For the last time: If Phil wanted to try it in New York without a star like Anthony, it would have been the first time for him. He had Michael in Chicago, and Scottie Pippen as his sideman. He had Kobe and Shaq and even Pau Gasol in Los Angeles. You can talk about how the Knicks had Anthony playing at such a high level this year and still didn’t make the playoffs, but you need to remember it was the first time in Anthony’s professional life that he didn’t make the playoffs. The Knicks had no chance to start building anything without him.


Say it for the last time today: From the start, Jackson and the Knicks needed Anthony a whole lot more than Anthony needed him.


“This is where I want to be,” Anthony told a friend the other day in Los Angeles.


In so many ways, it was where he had to be. He doesn’t have Eli Manning’s two Super Bowls, he certainly doesn’t have Derek Jeter’s World Series resume. He doesn’t even have the run that Henrik Lundqvist just made to the Stanley Cup Final with the Rangers. But in so many ways, everything enhanced by the crazy interest in NBA free agency over the past couple of weeks — it was covered on radio and TV especially as if a meteor were headed directly for Times Square — Anthony is the biggest star in town right now.
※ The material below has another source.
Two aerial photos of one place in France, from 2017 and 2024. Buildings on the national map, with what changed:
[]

That is not such a bad job to have, especially at these prices.


And please remember about Anthony: He is one of the handful of players in modern NBA history to average 25 points and six rebounds a game for his entire career. We sure are going to find out if Phil Jackson can build a championship team around him, if the Knicks can win the kind of title that Anthony has won in college and in the Olympics before he runs right through his basketball prime.


“Carmelo Anthony is a great basketball player,” Mike Woodson said after he left the Knicks. “End of story.”
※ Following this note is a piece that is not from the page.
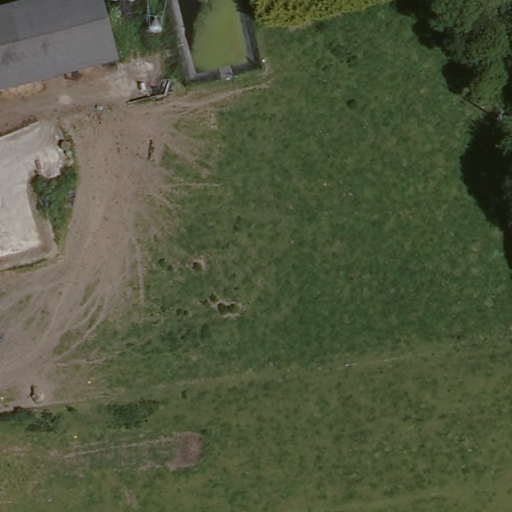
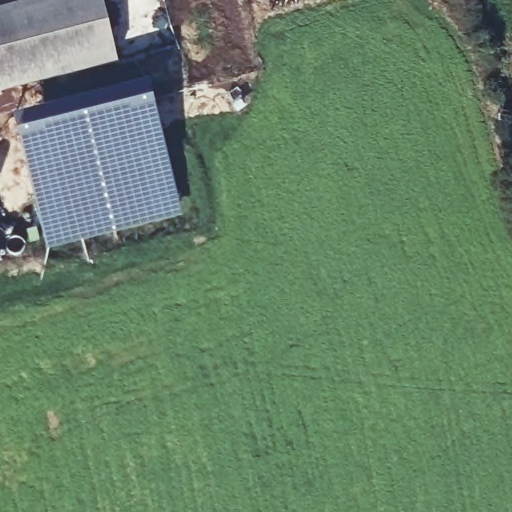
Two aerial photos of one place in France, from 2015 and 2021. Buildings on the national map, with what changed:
unchanged [(46,0),(110,0),(124,63),(0,94),(0,11),(46,0)]
new [(19,134),(14,117),(151,83),(154,100),(183,217),(49,250),(19,134)]

He has not just played to the height of his talent since coming to New York, he has played hard. When the Knicks needed him to rebound more last season, he did. And Knicks fans are allowed to wonder what would have happened a couple of seasons ago if Tyson Chandler had made it a fair fight against Roy Hibbert in the Eastern Conference semis. We can talk all we want to about Hibbert blocking Melo’s shot near the end of Game 6 in Indianapolis. For so much of that series, at least until Iman Shumpert got hot in Game 6, it looked like Melo against the world.


And that was the way it used to look in the old days when it was Patrick Ewing, another great Knick without a championship portfolio, against the world; when Patrick had John Starks as the Knicks’ next best scoring option the way Anthony has had J.R. Smith.
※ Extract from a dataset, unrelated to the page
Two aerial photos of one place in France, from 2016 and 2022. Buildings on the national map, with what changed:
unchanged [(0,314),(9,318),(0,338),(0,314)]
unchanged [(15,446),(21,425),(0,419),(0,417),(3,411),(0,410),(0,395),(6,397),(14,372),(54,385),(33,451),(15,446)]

So now Anthony, who wanted the Knicks and wanted to get paid when he was leaving Denver, stays with the Knicks. And gets paid even bigger this time. So now we begin to find out, over the length of his contract and Phil Jackson’s and Derek Fisher’s, if his destiny at the Garden will be different than Ewing’s; if he can get past LeBron the way Patrick never got past Michael Jordan, go from there and win an NBA title.


He has been here for only three-and-half years. His first game was against the Bucks in February of 2011 and he scored 27 points and had 10 rebounds and this is what his coach at the time, Mike D’Antoni, said afterward:


“This was ordinary for him, and that’s the highest compliment of what he does. You drop him in any place, any playground, any place in the world and he’ll put up 27 points and 10 rebounds. That’s what he does for a living.”


Now it is official that he still makes his living here. We will find out the rest of the way if he can do better here when the real money is on the table than Patrick ever did.